▶ [DIRECTIONS]
Pictures excluded, copy every record that follows exactly as it appears.

----

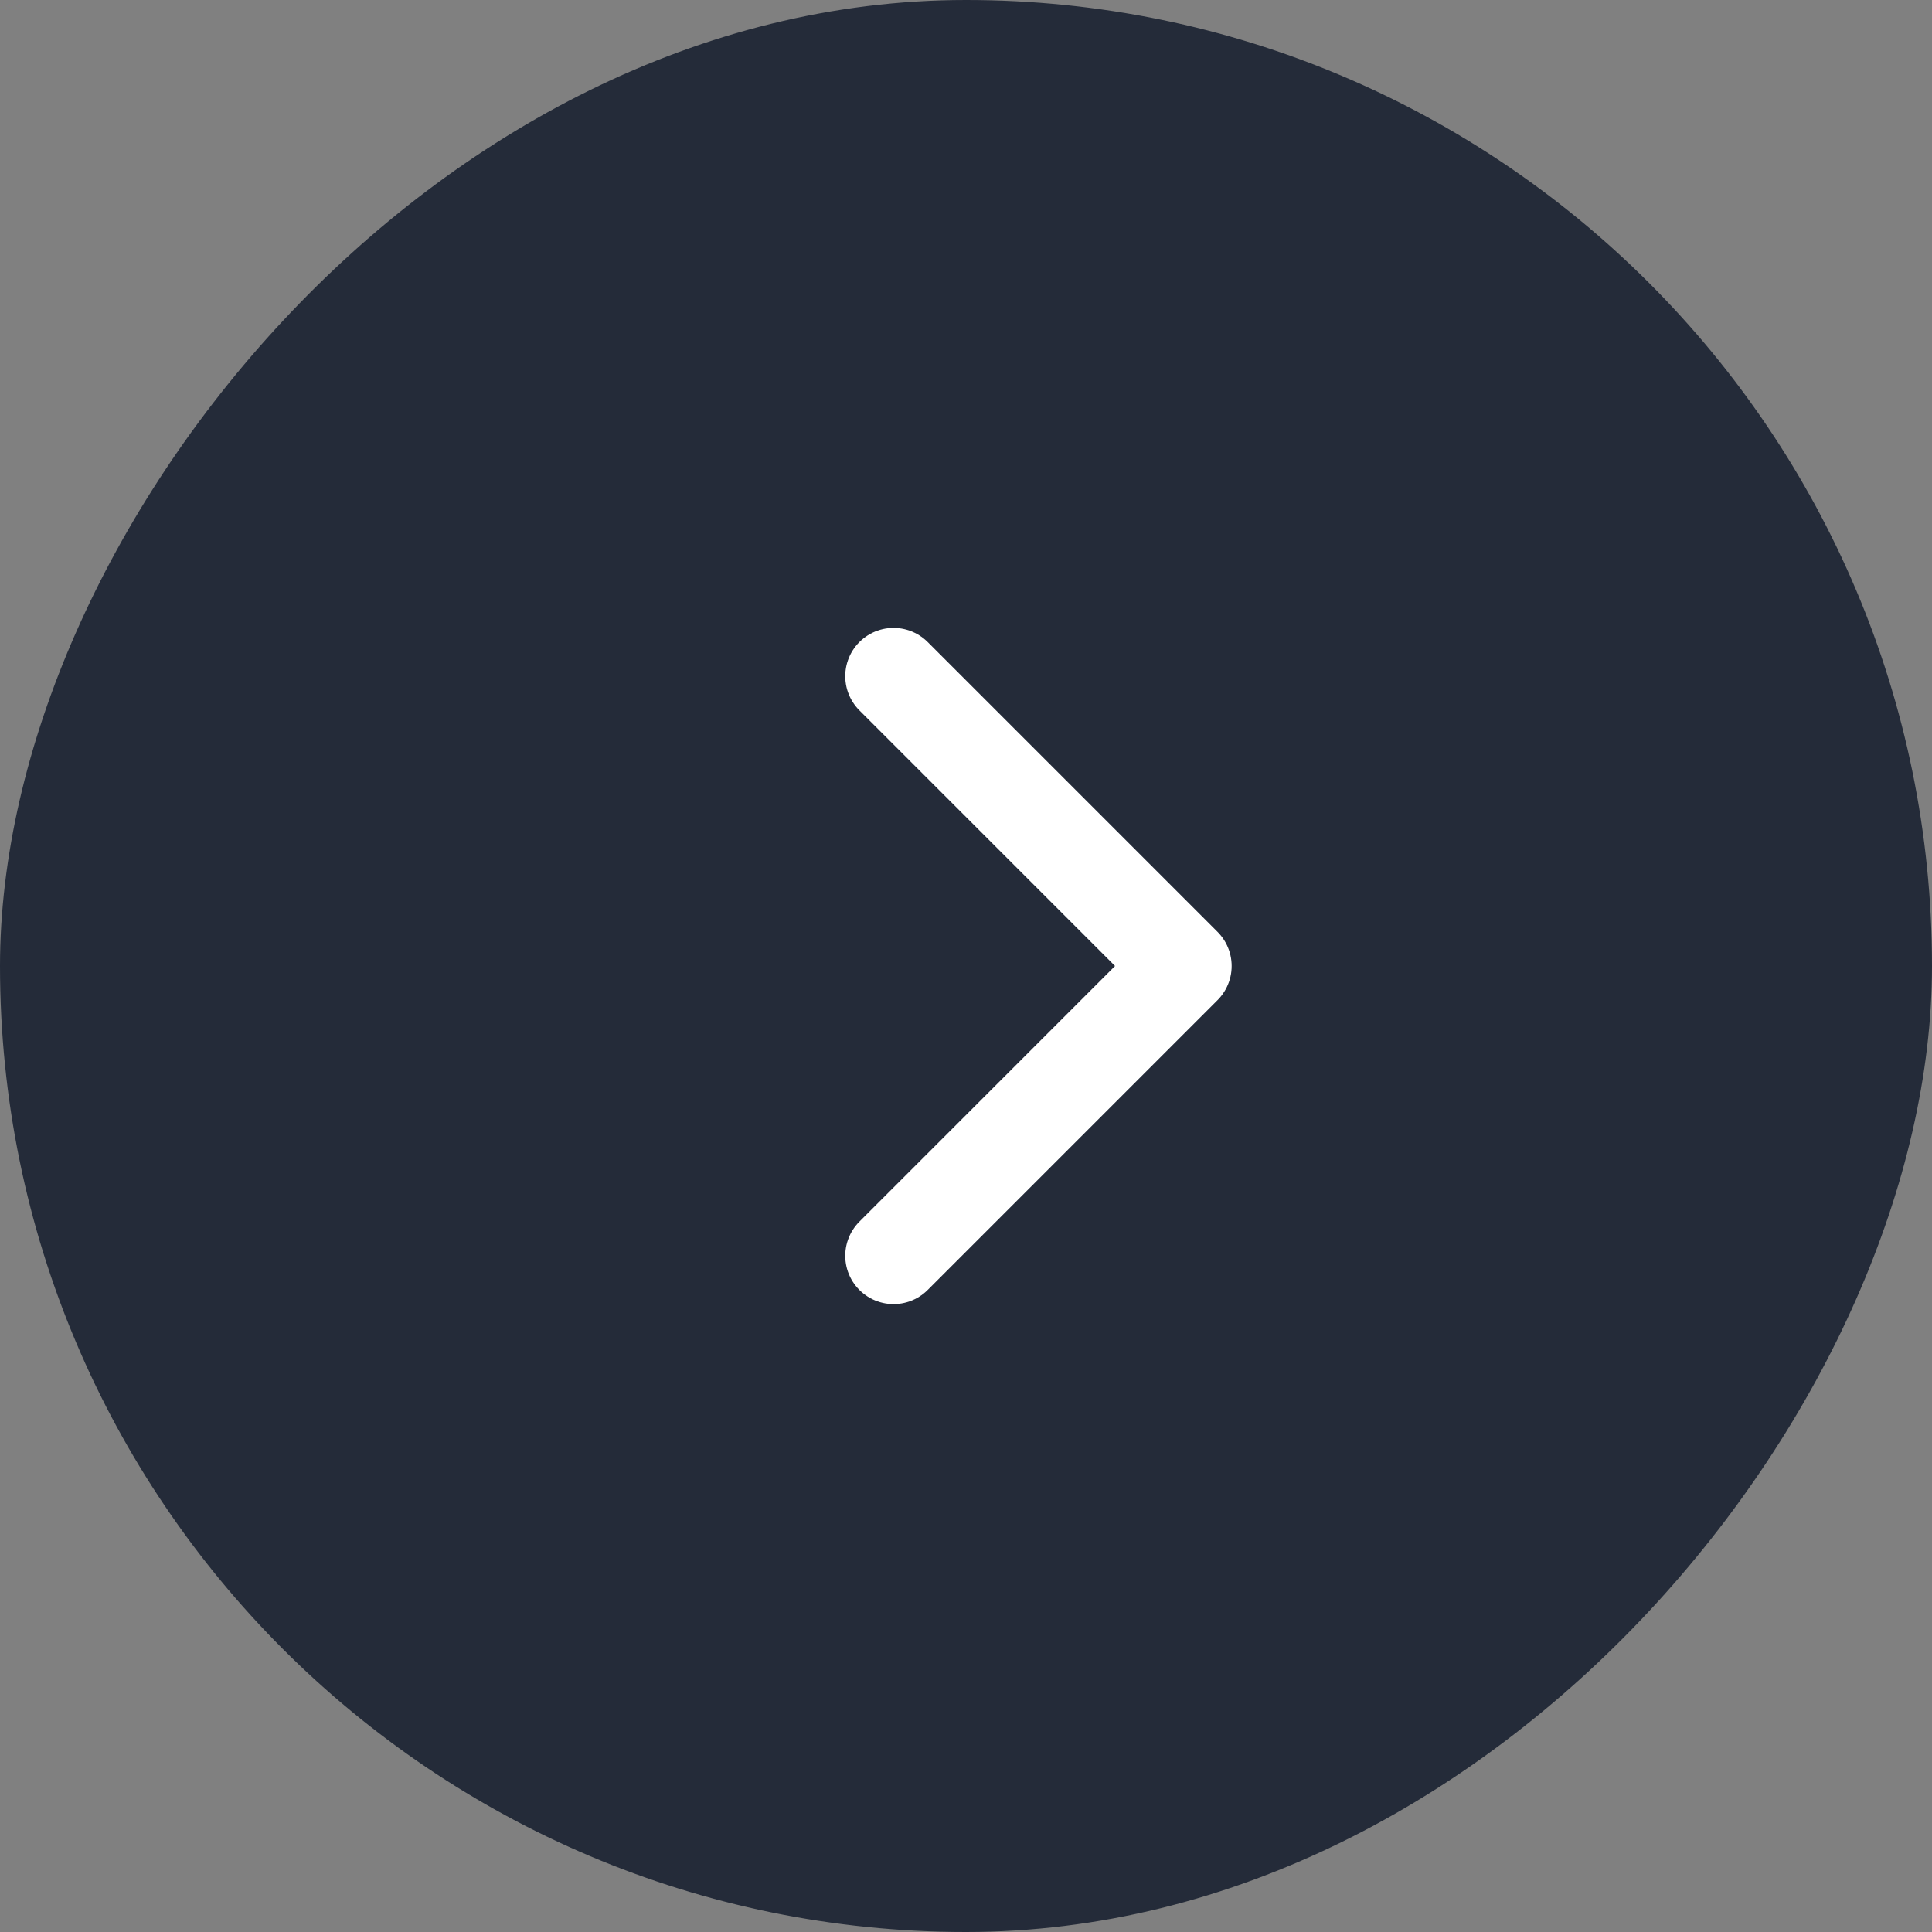 <svg width="40" height="40" viewBox="0 0 40 40" fill="none" xmlns="http://www.w3.org/2000/svg">
<rect x="0" y="0" width="40" height="40" fill="#808080" stroke="none"/>
<rect width="40" height="40" rx="20" transform="matrix(-1 0 0 1 40 0)" fill="#242B39"/>
<path d="M18.5 26L24.5 20L18.5 14" stroke="white" stroke-width="2" stroke-linecap="round" stroke-linejoin="round"/>
</svg>
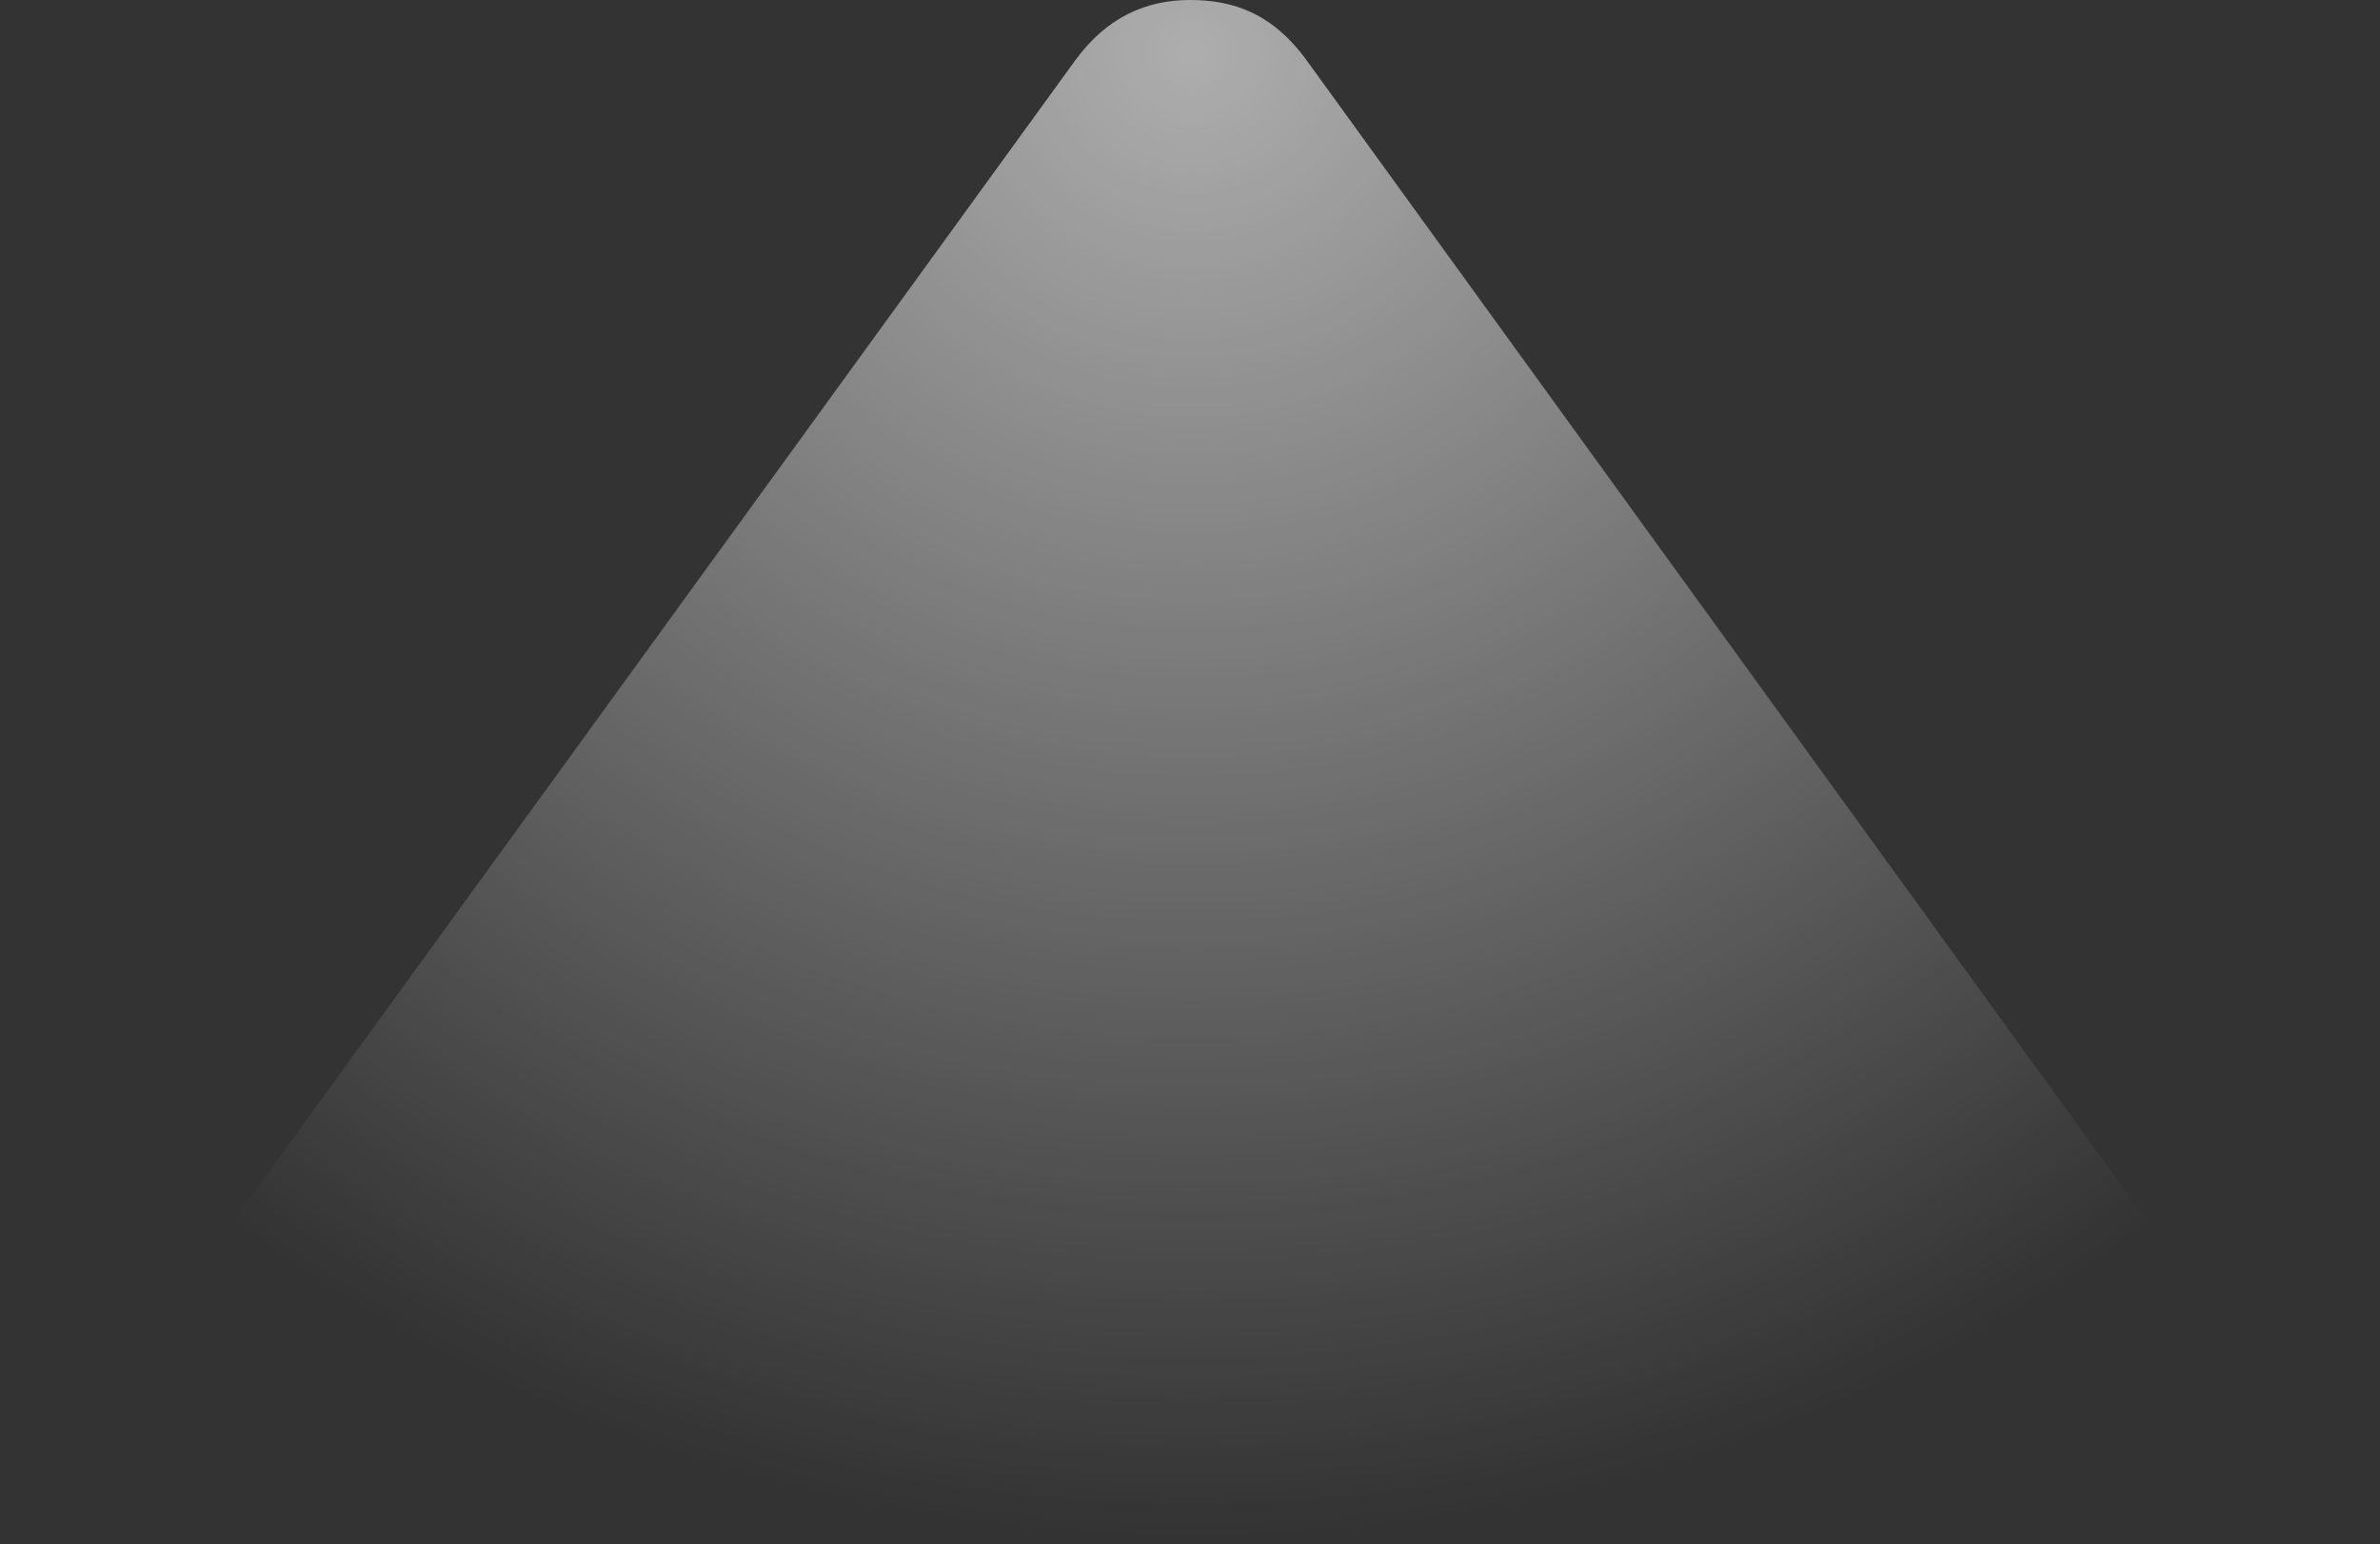 <?xml version="1.0" encoding="UTF-8"?> <svg xmlns="http://www.w3.org/2000/svg" width="638" height="414" viewBox="0 0 638 414" fill="none"><rect x="0" y="0" width="638" height="414" fill="#333333" stroke="none"/><path d="M288 16.5C296.713 4.387 307.5 0 319 0C330.5 0 341.131 3.449 350.5 16.5L638 413.5H0L288 16.5Z" fill="url(#paint0_radial_94_413)"></path><defs><radialGradient id="paint0_radial_94_413" cx="0" cy="0" r="1" gradientUnits="userSpaceOnUse" gradientTransform="translate(319.5 12.5) rotate(90) scale(401.5 416.548)"><stop stop-color="white" stop-opacity="0.6"></stop><stop offset="1" stop-color="white" stop-opacity="0"></stop></radialGradient></defs></svg>

----

▶ [SOLUTION FOR THIS PROBLEM]
 <svg width="40" height="40" viewBox="0 0 40 40" fill="none" xmlns="http://www.w3.org/2000/svg">
<rect x="0" y="0" width="40" height="40" fill="#808080" stroke="none"/>
<rect width="40" height="40" rx="20" transform="matrix(-1 0 0 1 40 0)" fill="#242B39"/>
<path d="M18.5 26L24.5 20L18.5 14" stroke="white" stroke-width="2" stroke-linecap="round" stroke-linejoin="round"/>
</svg>
 <?xml version="1.0" encoding="UTF-8"?> <svg xmlns="http://www.w3.org/2000/svg" width="638" height="414" viewBox="0 0 638 414" fill="none"><rect x="0" y="0" width="638" height="414" fill="#333333" stroke="none"/><path d="M288 16.5C296.713 4.387 307.5 0 319 0C330.5 0 341.131 3.449 350.5 16.5L638 413.5H0L288 16.5Z" fill="url(#paint0_radial_94_413)"></path><defs><radialGradient id="paint0_radial_94_413" cx="0" cy="0" r="1" gradientUnits="userSpaceOnUse" gradientTransform="translate(319.5 12.5) rotate(90) scale(401.5 416.548)"><stop stop-color="white" stop-opacity="0.6"></stop><stop offset="1" stop-color="white" stop-opacity="0"></stop></radialGradient></defs></svg>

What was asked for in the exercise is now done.